Question

Snoop allows you to look inside the application and change element properties. Its a great asset for developers, but can be a security issue in some cases, like when we have users who like to look in places where they shouldn't be looking. Is there a way to do something to block applications like Snoop from "snooping" your application?

And if there is no way to block it, what do you recommend to do to minimize security risks?

Snoop is a utility that allows you browse visual tree of a wpf application and view and change properties. Its very useful when you are trying to debug something and have no idea what is going on. You can find more here.

Thank you.

Was it helpful?

Solution

By implementing security properly. If your "security" can be thwarted with a tool like Snoop, then you're doing it wrong.

Suppose there's a command that only certain users can execute. It sounds like the only place you're enforcing this is at the UI level (by disabling the corresponding button, for example). That being the case, you're right - I could easily use Snoop to enable the button and execute the command. But you should be enforcing the security constraints on your server, or perhaps in your command execution logic if you have no server. Basically, security should be implemented as close to the thing you're trying to protect as possible. Security at the UI level is merely for convenience of the user.

OTHER TIPS

There actually is a way to detect whether your application is being "snooped" by the snoop program. The solution I will give is not a silver bullet, and if someone really wants to snoop your application, they'd have to modify the snoop source code (it's an open source project).

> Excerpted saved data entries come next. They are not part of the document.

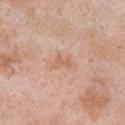{"biopsy_status": "not biopsied; imaged during a skin examination", "lesion_size": {"long_diameter_mm_approx": 3.5}, "patient": {"sex": "male", "age_approx": 55}, "lighting": "white-light", "image": {"source": "total-body photography crop", "field_of_view_mm": 15}, "site": "left upper arm"}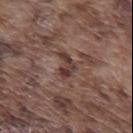Q: Was this lesion biopsied?
A: no biopsy performed (imaged during a skin exam)
Q: Patient demographics?
A: male, aged approximately 75
Q: How large is the lesion?
A: ~3.5 mm (longest diameter)
Q: Lesion location?
A: the mid back
Q: Illumination type?
A: white-light illumination
Q: What kind of image is this?
A: ~15 mm crop, total-body skin-cancer survey

What snoop actually does is it injects an assembly into your application, and the injected assembly recursively examines your applications visual tree starting at the root. In other words, snoop actually runs inside your application. That being said, the solution is to raise an event when the snoop assembly is injected into your application.

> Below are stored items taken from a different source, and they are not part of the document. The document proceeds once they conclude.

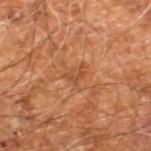Clinical impression: Part of a total-body skin-imaging series; this lesion was reviewed on a skin check and was not flagged for biopsy. Clinical summary: The tile uses cross-polarized illumination. The lesion is located on the right leg. Automated image analysis of the tile measured a footprint of about 3 mm², an outline eccentricity of about 0.75 (0 = round, 1 = elongated), and a shape-asymmetry score of about 0.5 (0 = symmetric). It also reported a border-irregularity rating of about 7/10. Measured at roughly 2.5 mm in maximum diameter. A lesion tile, about 15 mm wide, cut from a 3D total-body photograph. A male patient aged 58 to 62.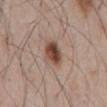Impression:
Recorded during total-body skin imaging; not selected for excision or biopsy.
Clinical summary:
This is a white-light tile. On the abdomen. The lesion's longest dimension is about 3 mm. A 15 mm close-up tile from a total-body photography series done for melanoma screening. A male subject, aged around 55.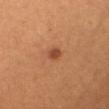Findings:
– workup · catalogued during a skin exam; not biopsied
– subject · female, aged around 40
– diameter · ~2 mm (longest diameter)
– automated lesion analysis · a normalized lesion–skin contrast near 7.5
– acquisition · 15 mm crop, total-body photography
– tile lighting · cross-polarized
– body site · the abdomen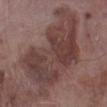biopsy status: no biopsy performed (imaged during a skin exam)
subject: male, aged around 75
image source: total-body-photography crop, ~15 mm field of view
body site: the left lower leg
size: ≈12.5 mm

First, you need to subscribe to the assembly-loaded event somewhere in your application (preferably the begginging):

AppDomain.CurrentDomain.AssemblyLoad += new AssemblyLoadEventHandler(CurrentDomain_AssemblyLoad);

Then, you would implement the handler somewhat like this:

        void CurrentDomain_AssemblyLoad(object sender, AssemblyLoadEventArgs args)
    {
        if (args.LoadedAssembly.FullName.StartsWith("ManagedInjector"))
            MessageBox.Show("hey you, stop snooping");//and shut down your application.
    }

You would probably need to enhance this solution for real silver-bullet solution, but at least this solution will definitely stop the current latest version of snoop being run as is (without the code modified). The better solution would be to check that no external assemblies are being injected into your application.

However, Kent is still right in the fact that a utility like Snoop should not cause any security vulnerabilities since security should not be implemented at the UI level. But at least this shows you how to prevent people from "snooping" your application.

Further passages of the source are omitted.